This installation uses knowledge sharing through creative and playful activities to help inform, inspire and connect communities to the Bendigo Creek rehabilitation project.The beautiful glass Conservatory in Bendigo’s Rosalind Park was transformed into an artful world with giant pop up books full of fauna sourced from early naturalist imagery, the endemic Whirrakee Wattle was marked with a collaborative Pom Pom Tree that grew over the timespan of the exhibition as people contributed to it. There was a giant sugar glider nest, a specimen table, a sound work and lots of great hands on activities.



  • 2018 / Melbourne Knowledge Week  /  Tech Lab Collaboration  /  ArtPlay

Shapeshifters was a collaboration with audio visual artist Georgie Pinn Electric Puppet, Daniel Calvo Mosster Studio, and dancer Fiona Cameron.
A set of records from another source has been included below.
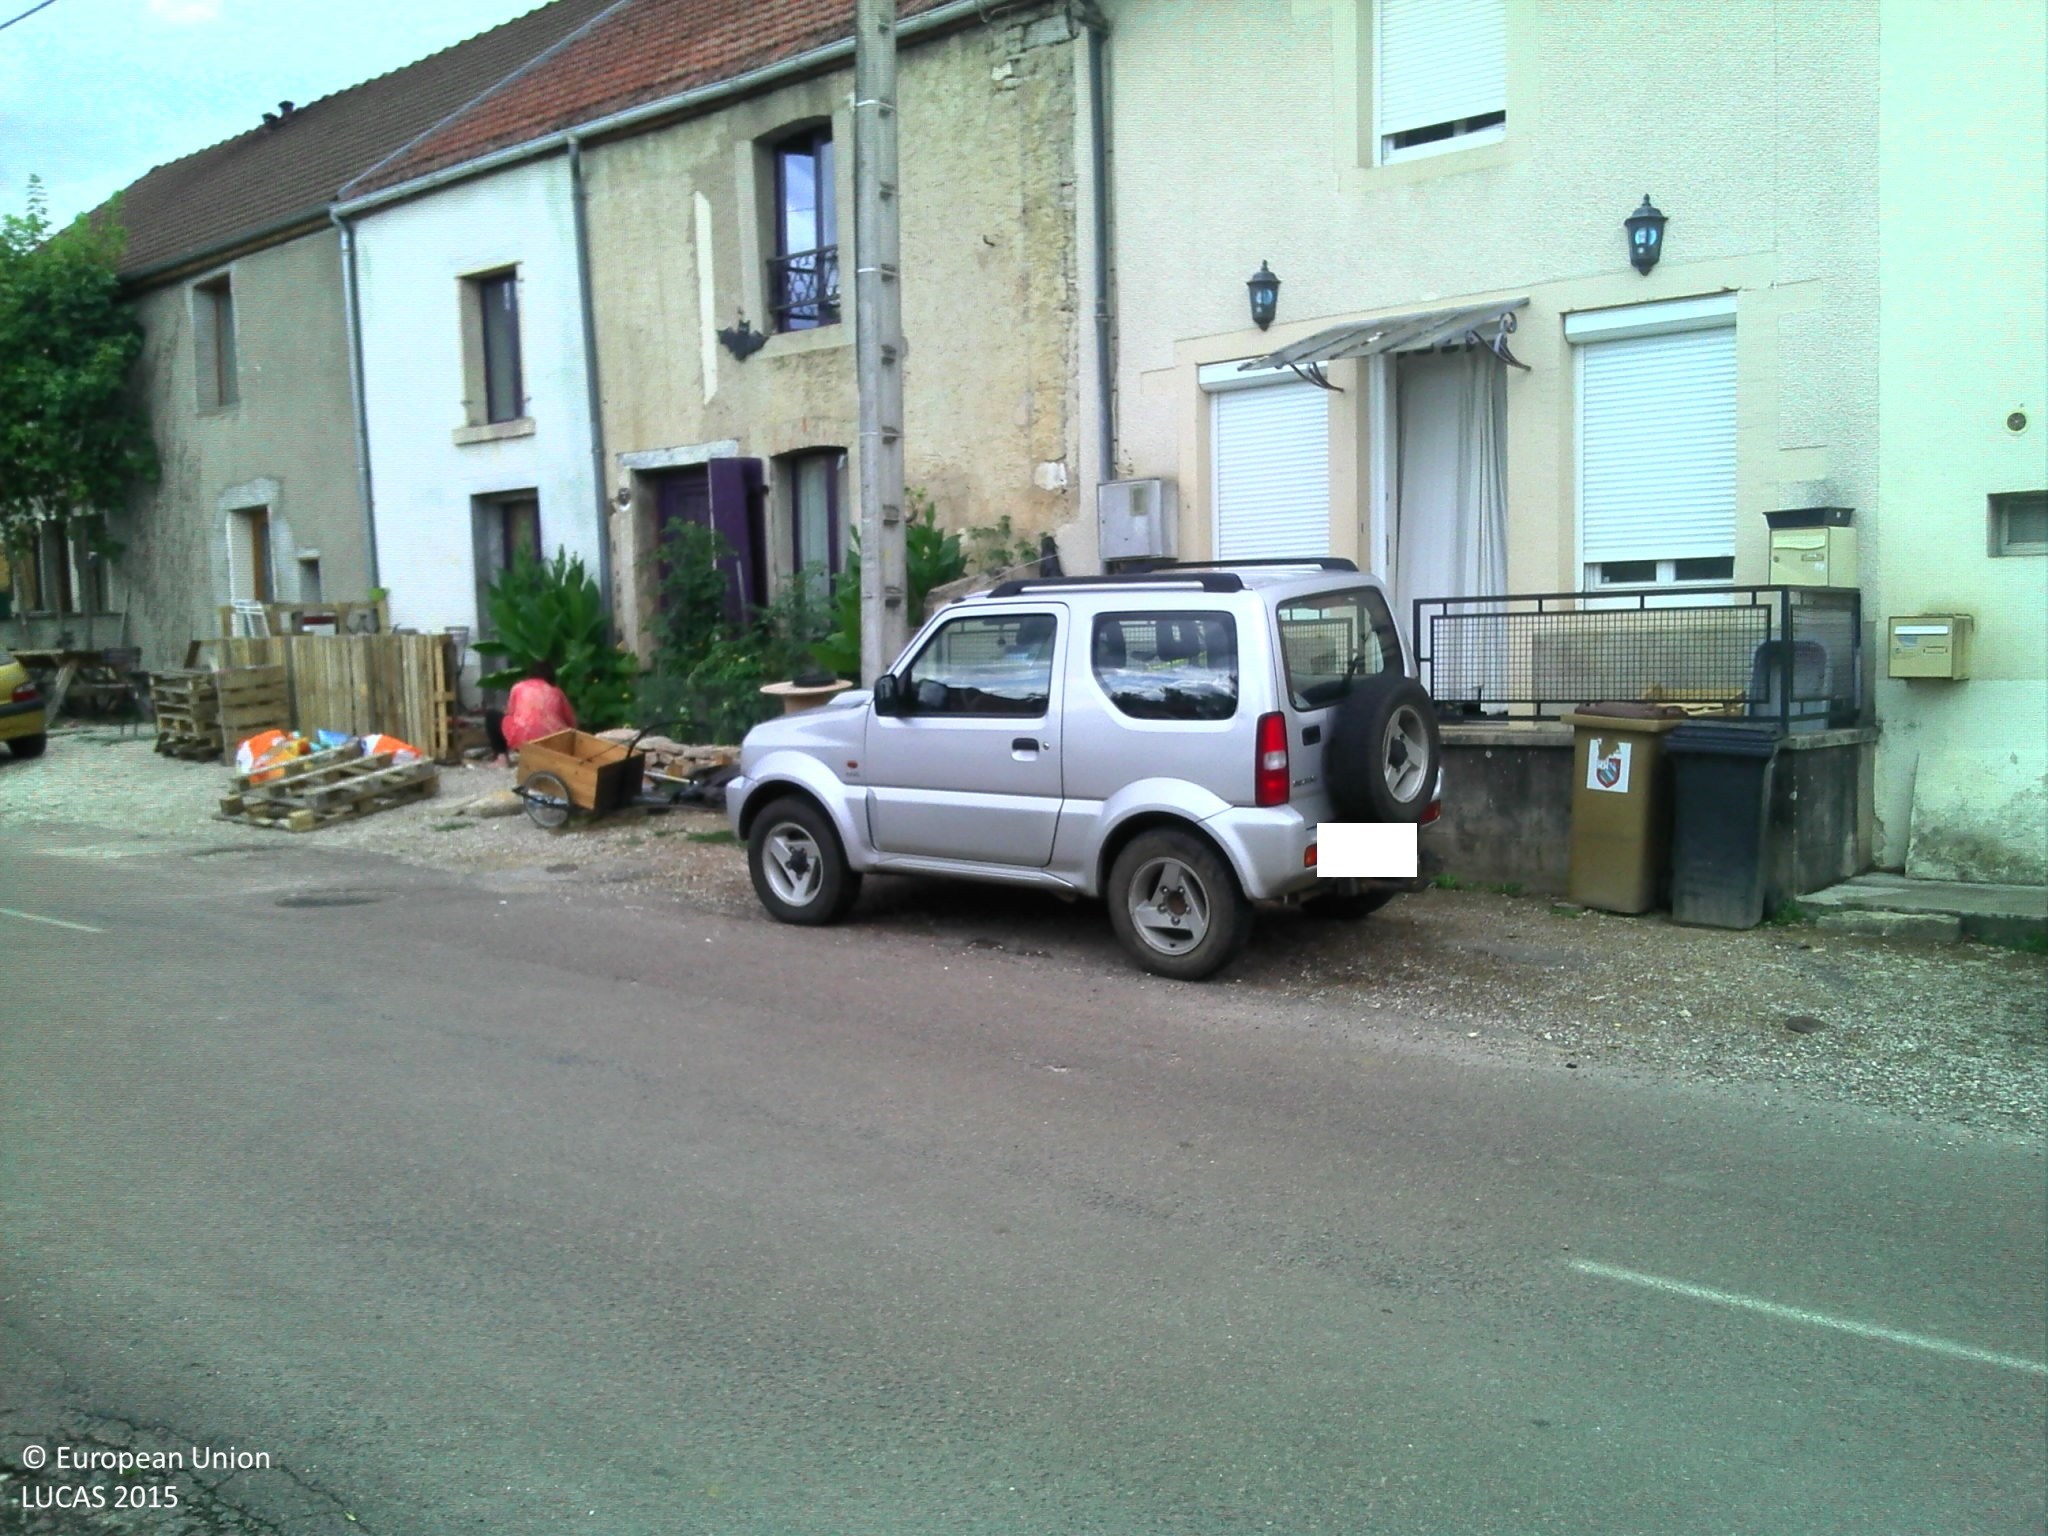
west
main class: Grassland
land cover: Grassland with sparse tree/shrub cover
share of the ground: > 75 %
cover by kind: herbaceous plants 95 %, broadleaved forest trees 5 %
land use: Residential
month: August
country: FR
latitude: 47.3254
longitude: 4.8001
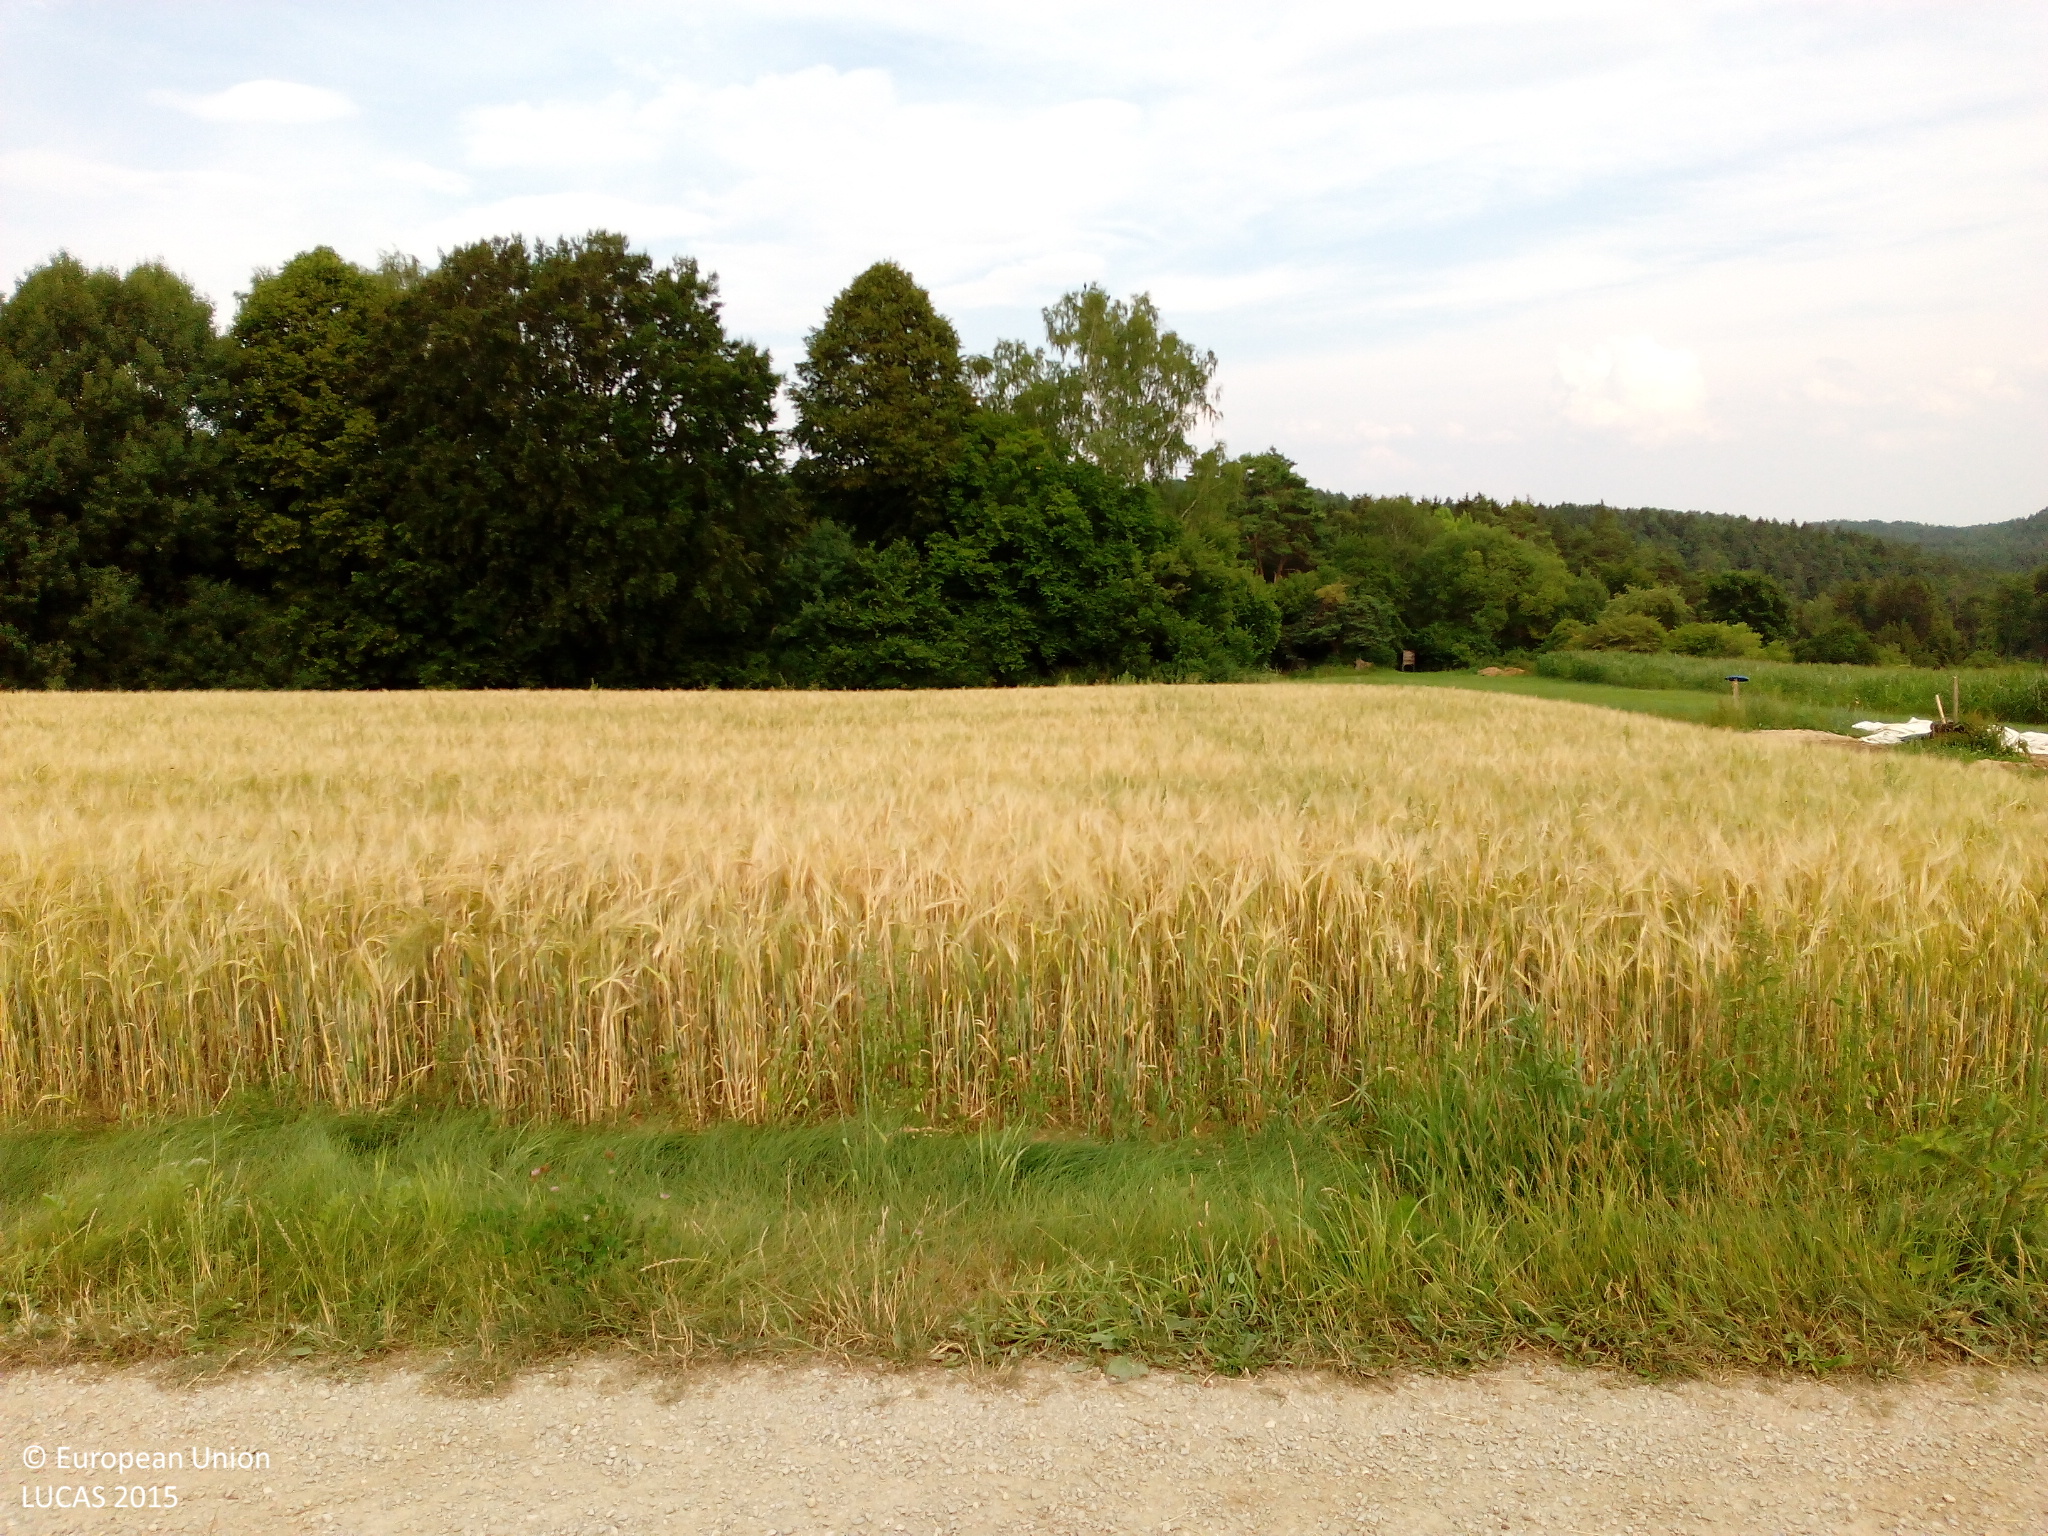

Using technology we explored ideas around myths and hybrid creatures to create an immersive experience. I worked on body altering costumes made from rescued industrial materials and second hand clothing to evoke animal embodiment. Children were invited to move and dance through the techno-natural environment of interactive floor projections and sprite-emanating silhouettes in what I thought became a contemporary pagan ritual that celebrated connections to nature and animal kin.

The Nature of Material

  • 2017 / Recycled plastic / Yarra Sculpture Gallery 

During my research into the use of recycled soft plastics as sculptural material, a series of test moulds were made. These small brains have a variety of interesting flaws, these pieces have been placed together in an installation connected by a network of neurons.

Becoming Animal

  • 2013 / Reclaimed hardwood, cedar, steel, copper screws / Approx 2 x 1.5 x .5 meters / Photography by Devika Bilimoria

The transformation of aesthetic patterns found in the natural world alludes to a bird, a fish, a set of wings – the animal. The symbol reflects on the ancient and contemporary relationship between man and animal. It is a space to contemplate the idea of ‘becoming’, where anthropocentrism yields to sentient beings.

  • exhibited at Montalto Sculpture Show, Red Hill, VIC


  • 2011 / digitally manipulated image, digital print / 2 x 2 meters

This site specific work subtly places the animal within an urban setting. Utilising an alteration in scale, the skin of the snake becomes an object of beauty. Through camouflage the snake becomes part of the human built environment.

  • Exhibited at Bowen Lane, Melbourne CBD

Artist in Schools program

The Artist in Schools Program at Christmas Hills Primary School was joyful, creative and extremely rewarding experience and most importantly the children took complete ownership of the ‘Imaginarium project’ and were actively engaged in the entire process from concept to completion.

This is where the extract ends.